**DATA SHOWN:**
§

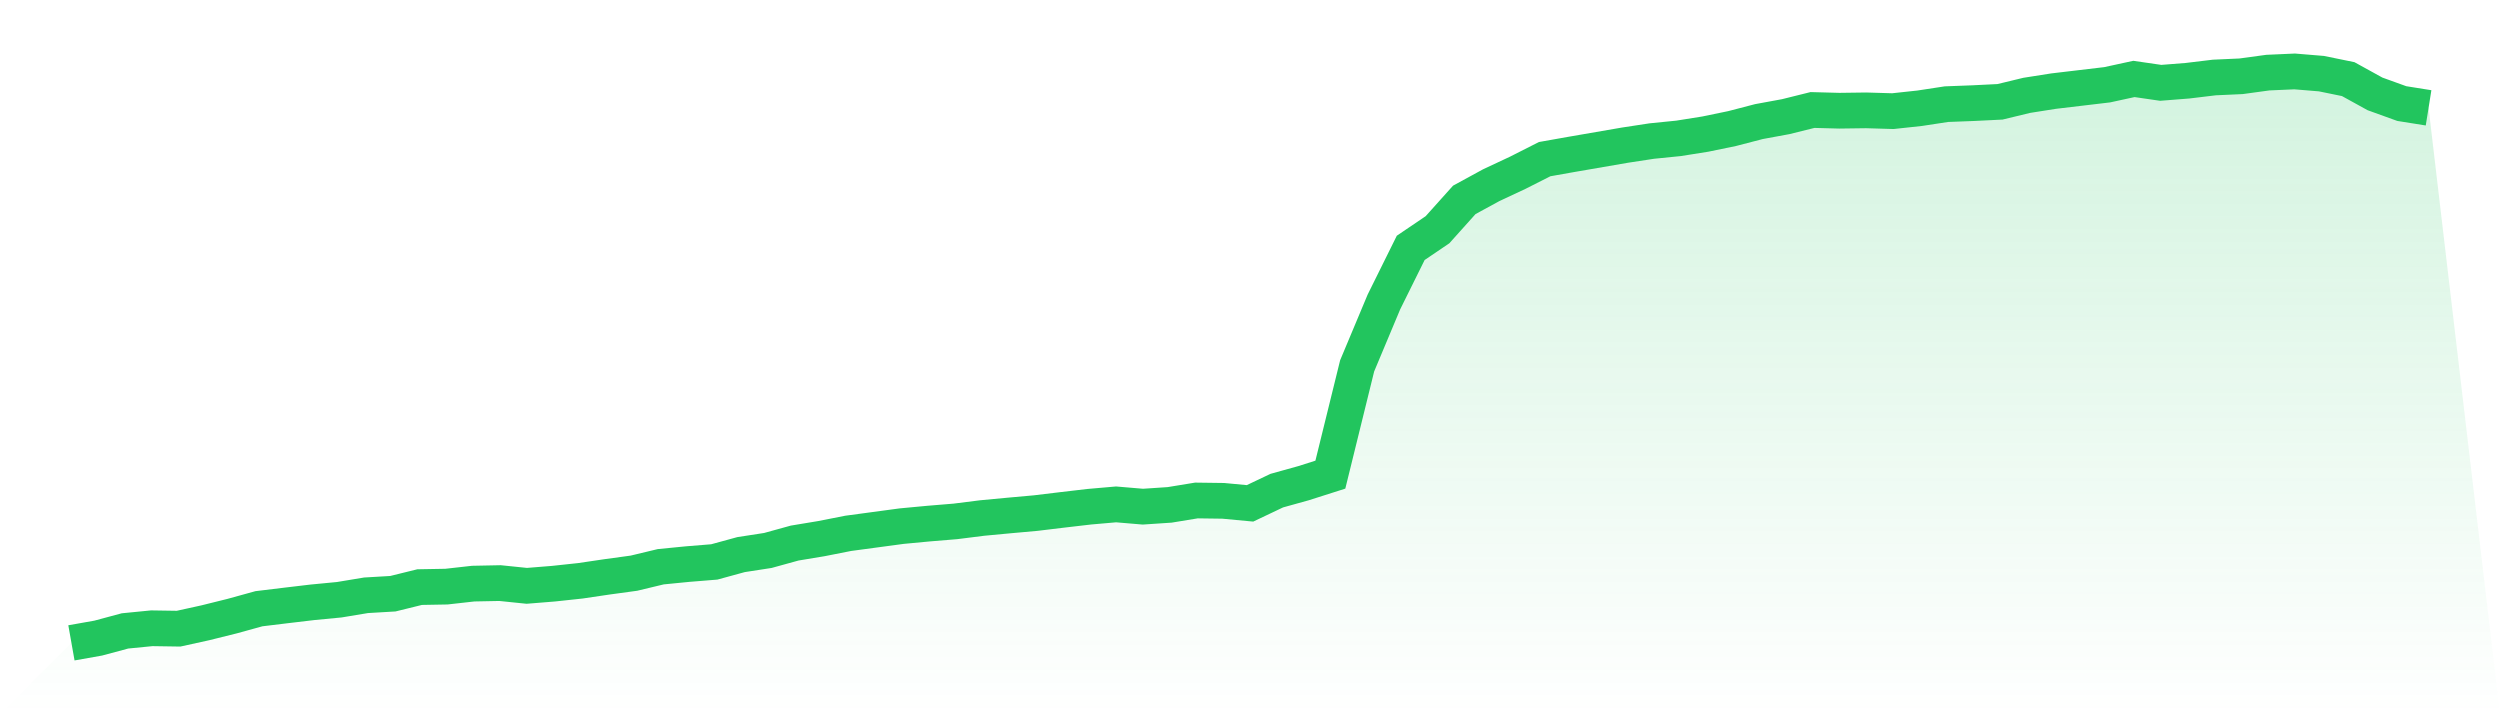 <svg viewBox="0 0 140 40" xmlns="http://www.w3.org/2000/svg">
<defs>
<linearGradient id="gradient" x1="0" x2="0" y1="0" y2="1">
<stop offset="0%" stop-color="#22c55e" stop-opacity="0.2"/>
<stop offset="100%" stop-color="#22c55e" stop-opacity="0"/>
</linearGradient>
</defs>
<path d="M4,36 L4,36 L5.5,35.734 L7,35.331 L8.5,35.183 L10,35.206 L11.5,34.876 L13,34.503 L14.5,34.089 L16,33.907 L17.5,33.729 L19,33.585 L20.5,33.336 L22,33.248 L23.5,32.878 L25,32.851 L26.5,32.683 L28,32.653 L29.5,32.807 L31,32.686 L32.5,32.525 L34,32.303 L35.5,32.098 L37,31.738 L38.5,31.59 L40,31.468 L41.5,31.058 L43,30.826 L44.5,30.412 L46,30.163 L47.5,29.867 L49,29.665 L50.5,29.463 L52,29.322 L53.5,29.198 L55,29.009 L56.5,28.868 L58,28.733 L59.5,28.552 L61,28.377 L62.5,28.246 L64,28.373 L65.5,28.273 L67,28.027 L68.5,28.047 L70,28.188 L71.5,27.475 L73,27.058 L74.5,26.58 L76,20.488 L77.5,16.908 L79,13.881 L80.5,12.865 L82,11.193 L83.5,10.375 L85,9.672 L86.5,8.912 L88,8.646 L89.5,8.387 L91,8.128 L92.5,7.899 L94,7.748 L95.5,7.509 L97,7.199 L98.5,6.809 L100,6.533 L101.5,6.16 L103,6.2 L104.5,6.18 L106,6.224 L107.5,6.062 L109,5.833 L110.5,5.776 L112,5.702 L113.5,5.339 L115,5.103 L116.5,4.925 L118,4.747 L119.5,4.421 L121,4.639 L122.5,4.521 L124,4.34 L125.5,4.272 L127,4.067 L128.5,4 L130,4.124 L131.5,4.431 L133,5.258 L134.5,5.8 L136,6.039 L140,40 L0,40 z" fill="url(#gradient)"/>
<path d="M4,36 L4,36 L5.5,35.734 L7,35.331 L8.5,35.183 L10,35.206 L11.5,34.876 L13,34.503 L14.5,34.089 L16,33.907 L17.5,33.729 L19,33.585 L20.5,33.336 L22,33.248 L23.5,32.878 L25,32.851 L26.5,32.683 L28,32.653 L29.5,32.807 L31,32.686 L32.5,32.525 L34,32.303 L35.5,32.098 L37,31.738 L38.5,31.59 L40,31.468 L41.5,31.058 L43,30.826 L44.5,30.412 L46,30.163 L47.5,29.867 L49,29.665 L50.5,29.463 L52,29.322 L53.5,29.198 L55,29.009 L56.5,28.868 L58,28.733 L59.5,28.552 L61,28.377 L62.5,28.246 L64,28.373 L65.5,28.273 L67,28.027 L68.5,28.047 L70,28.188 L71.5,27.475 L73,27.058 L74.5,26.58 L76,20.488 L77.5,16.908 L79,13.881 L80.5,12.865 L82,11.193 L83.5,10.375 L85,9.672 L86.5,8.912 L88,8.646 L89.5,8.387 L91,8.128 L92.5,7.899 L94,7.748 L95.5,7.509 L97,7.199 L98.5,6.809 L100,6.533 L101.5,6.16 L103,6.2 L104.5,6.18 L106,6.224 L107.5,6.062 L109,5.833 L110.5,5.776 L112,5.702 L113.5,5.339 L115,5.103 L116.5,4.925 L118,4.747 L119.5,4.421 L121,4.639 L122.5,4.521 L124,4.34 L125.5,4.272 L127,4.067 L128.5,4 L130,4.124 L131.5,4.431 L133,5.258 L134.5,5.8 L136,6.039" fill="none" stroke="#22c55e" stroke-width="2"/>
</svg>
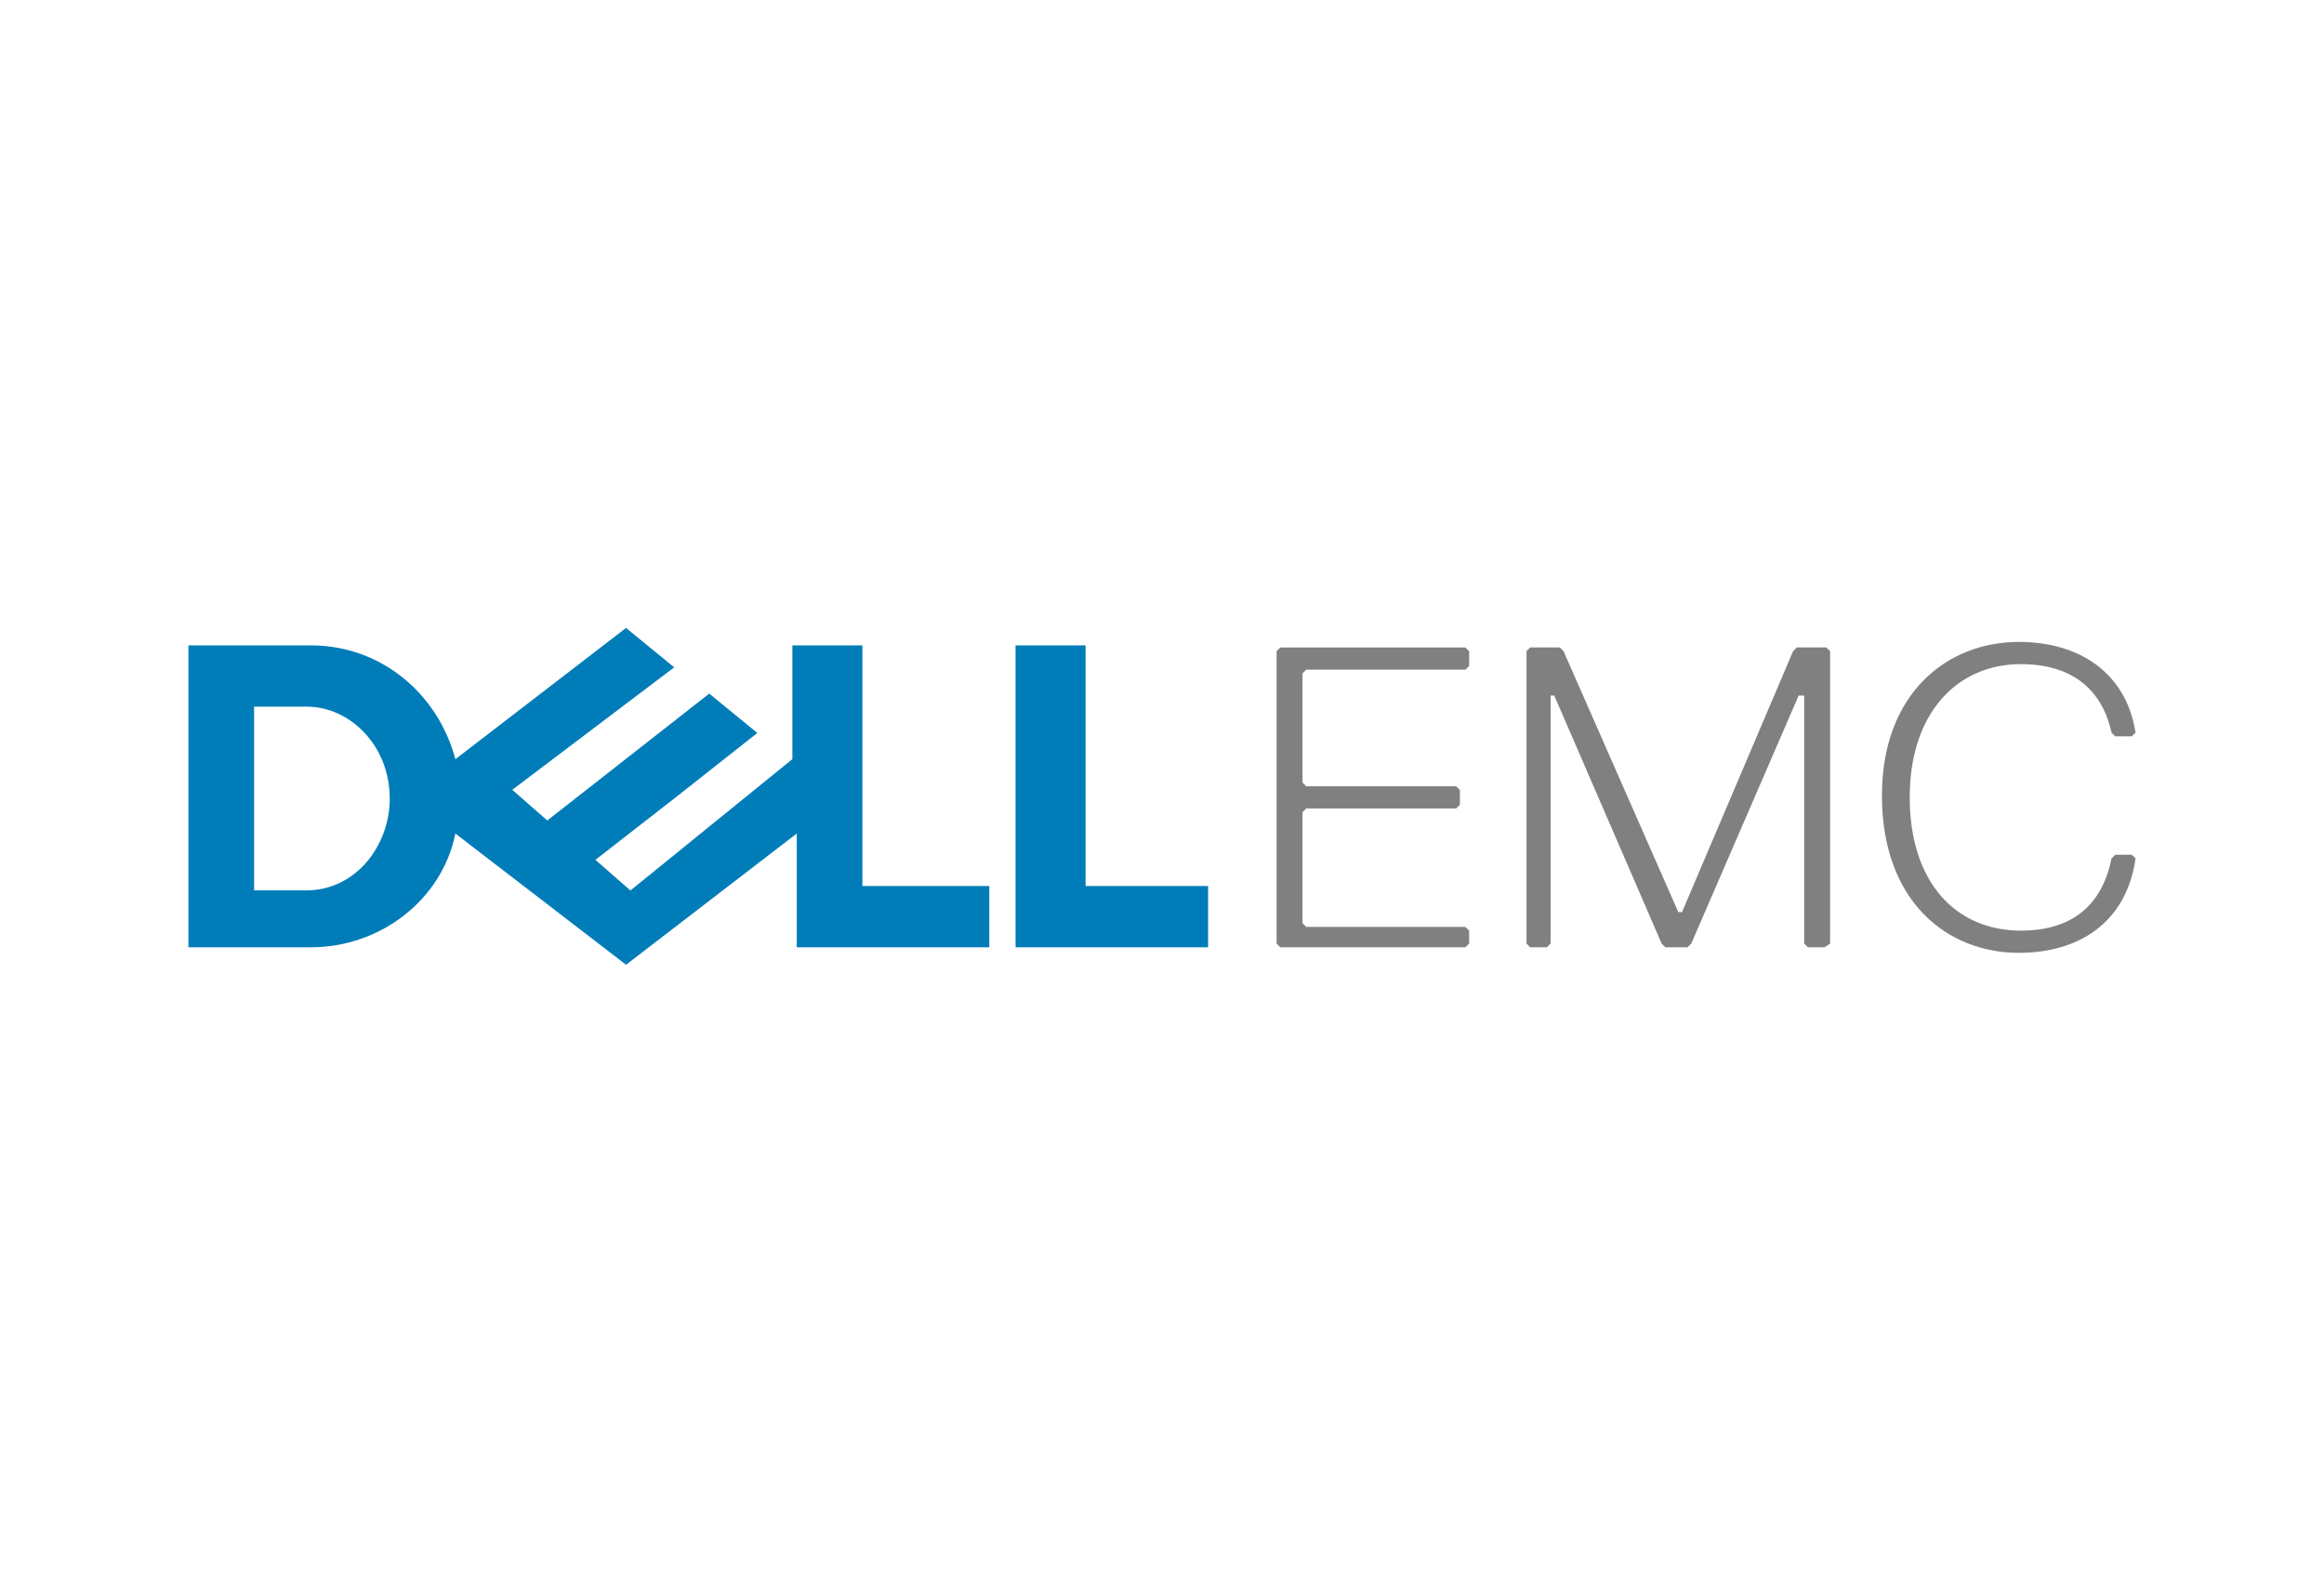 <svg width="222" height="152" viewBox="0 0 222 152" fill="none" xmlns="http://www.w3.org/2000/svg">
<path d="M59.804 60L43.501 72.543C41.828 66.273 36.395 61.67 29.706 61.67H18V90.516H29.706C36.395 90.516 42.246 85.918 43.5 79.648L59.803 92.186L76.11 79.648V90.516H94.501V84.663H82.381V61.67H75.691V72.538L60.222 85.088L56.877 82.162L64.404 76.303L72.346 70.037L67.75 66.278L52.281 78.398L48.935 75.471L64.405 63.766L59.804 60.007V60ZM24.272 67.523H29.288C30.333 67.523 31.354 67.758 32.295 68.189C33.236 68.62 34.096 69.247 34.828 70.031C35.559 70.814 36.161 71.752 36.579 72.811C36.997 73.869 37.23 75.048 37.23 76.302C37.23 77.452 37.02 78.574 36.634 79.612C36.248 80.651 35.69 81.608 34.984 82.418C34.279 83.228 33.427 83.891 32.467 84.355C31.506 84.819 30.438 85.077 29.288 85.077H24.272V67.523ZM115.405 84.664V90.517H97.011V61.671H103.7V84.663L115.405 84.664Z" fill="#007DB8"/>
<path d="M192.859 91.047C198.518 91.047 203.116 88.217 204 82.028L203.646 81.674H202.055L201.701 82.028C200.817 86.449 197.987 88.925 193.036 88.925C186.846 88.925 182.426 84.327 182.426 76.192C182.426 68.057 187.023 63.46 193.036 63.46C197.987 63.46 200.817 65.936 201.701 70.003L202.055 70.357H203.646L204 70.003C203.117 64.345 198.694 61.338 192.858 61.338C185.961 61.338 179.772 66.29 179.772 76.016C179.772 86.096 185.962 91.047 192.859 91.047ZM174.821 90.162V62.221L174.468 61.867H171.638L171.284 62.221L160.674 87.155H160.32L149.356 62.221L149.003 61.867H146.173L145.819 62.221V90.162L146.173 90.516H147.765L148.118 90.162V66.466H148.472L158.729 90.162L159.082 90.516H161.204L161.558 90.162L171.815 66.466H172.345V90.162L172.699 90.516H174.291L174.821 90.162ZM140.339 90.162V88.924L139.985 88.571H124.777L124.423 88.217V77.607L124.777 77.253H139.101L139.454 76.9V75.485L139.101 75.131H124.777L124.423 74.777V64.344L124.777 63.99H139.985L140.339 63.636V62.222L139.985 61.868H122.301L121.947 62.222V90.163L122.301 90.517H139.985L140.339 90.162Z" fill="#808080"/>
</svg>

§

**PROBLEM TO SOLVE:**
Search the listing for the string "opacity". Copy each line where it turns up.

**ANSWER TO THE EXERCISE:**
<stop offset="0%" stop-color="#22c55e" stop-opacity="0.2"/>
<stop offset="100%" stop-color="#22c55e" stop-opacity="0"/>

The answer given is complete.